3. Semangat dan bahasa tubuh

Dalam wawancara kerja, penampilan memang bukan nomor satu tetapi
menjadi pendukung yang ikut menentukan. Karena itu selain berpakaian
rapi, tidak seronok, mencolok atau banyak pernik, tunjukkan bahasa
tubuh yang baik. Jangan pernah melipat tangan di dada pada saat
wawancara, karena memberi kesan bahwa anda seorang yang kaku dan
defensif. Idealnya, tangan dibiarkan bebas untuk mengekspresikan kata-
kata anda, tentu saja dengan tidak berlebihan. Selama wawancara
berlangsung, buatlah kontak mata yang intens. Pelamar yang sering
membuat kontak mata menunjukkan keinginan untuk dipercaya serta
kesungguhan memberikan jawaban. Rilekslah dan sesekali tersenyum
untuk
menunjukkan bahwa anda pribadi yang hangat. Umumnya, perusahaan
menyukai pelamar yang menyenangkan. Kurangi kata-kata "saya
merasa..." atau "saya kurang..." dan sebaiknya gunakan "saya
pikir...", "menurut pendapat saya..", "saya yakin...", "saya
optimis...". Kata-kata "saya merasa ..."

atau "saya kurang..." mengesankan anda lebih sering menduga,
menggunakan perasaan, tidak terlalu percaya diri dan tidak menguasai
persoalan. Cara berpakaian yang baik dalam wawancara Berpakaian
yang "baik" dalam wawancara memang tidak dapat digeneralisasikan
karena setiap perusahaan memiliki kebiasaan-kebiasaan/budaya
perusahaan
yang berbeda. Namun, ada beberapa tips yang dapat diingat, antara
lain:

. Cari informasi terlebih dahulu tentang perusahaan dan Bapak/Ibu yang
akan mewawancarai anda. Beberapa perusahaan memiliki peraturan atau
"kebiasaan" berpakaian secara formal, tetapi ada juga yang semi
formal, atau bahkan ada yang bebas. Hal ini penting, agar anda tidak
dilihat sebagai "orang aneh', disesuaikan dengan posisi yang akan
dilamar. Bagi pelamar pria disarankan menggunakan kemeja lengan
panjang dan berdasi, tidak perlu menggunakan jas. Berpakaian rapih
dan bersih, tidak kusut.
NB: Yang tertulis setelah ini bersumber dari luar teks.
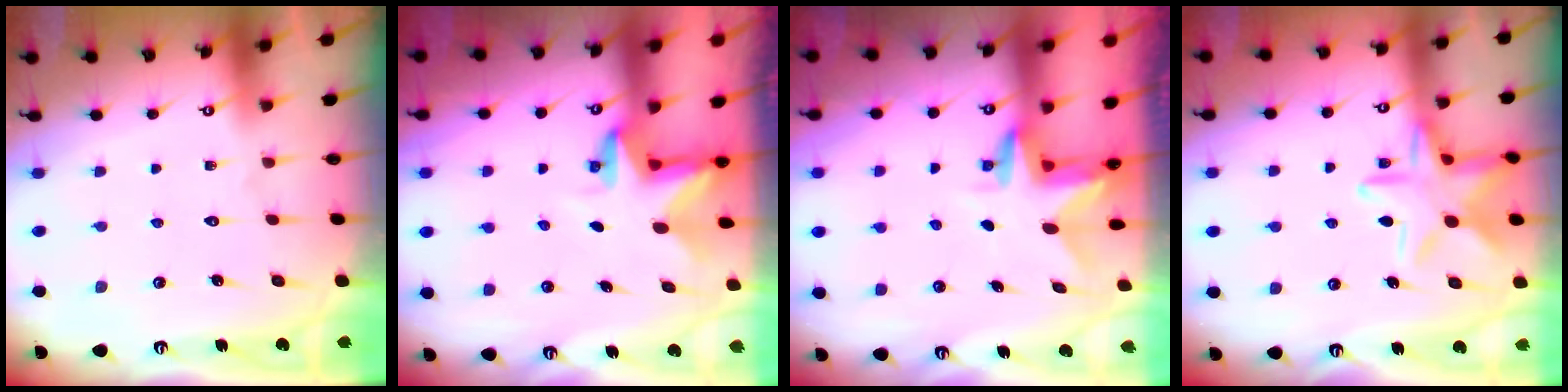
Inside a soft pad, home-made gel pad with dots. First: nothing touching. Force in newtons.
{"total": 2.8, "press": 2.8, "slide": 0.2}
{"total": 2.9, "press": 2.9, "slide": 0.3}
{"total": 14.4, "press": 14.4, "slide": 0.9}
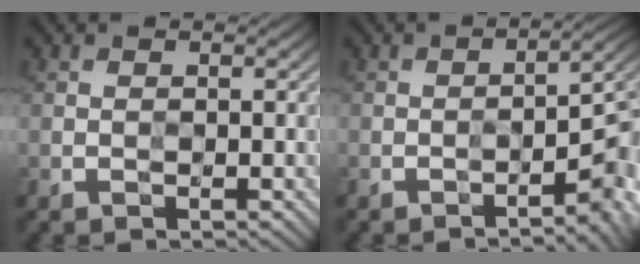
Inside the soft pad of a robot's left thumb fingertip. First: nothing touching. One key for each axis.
{"total": 5.2, "fx": -2.1, "fy": 1.2, "fz": 4.6, "tx": -0.064, "ty": 0.007, "tz": -0.028}

Hal ini memberi kesan bahwa anda menghargai
wawancara ini.

. Berpakaian dengan warna yang tidak terlalu menyolok
(mis.,mengkilap,
  ngejreng).

. Bagi pelamar wanita berpakaian yang tidak terlalu ketat (rokbawah,
kancing baju atasan).

. Berpakaian dengan disain yang simple (tidak telalu banyak pernik-
pernik, toch ini bukan acara pesta).

. Tidak berlebihan dalam menggunakan wangi-wangian dan perhiasan.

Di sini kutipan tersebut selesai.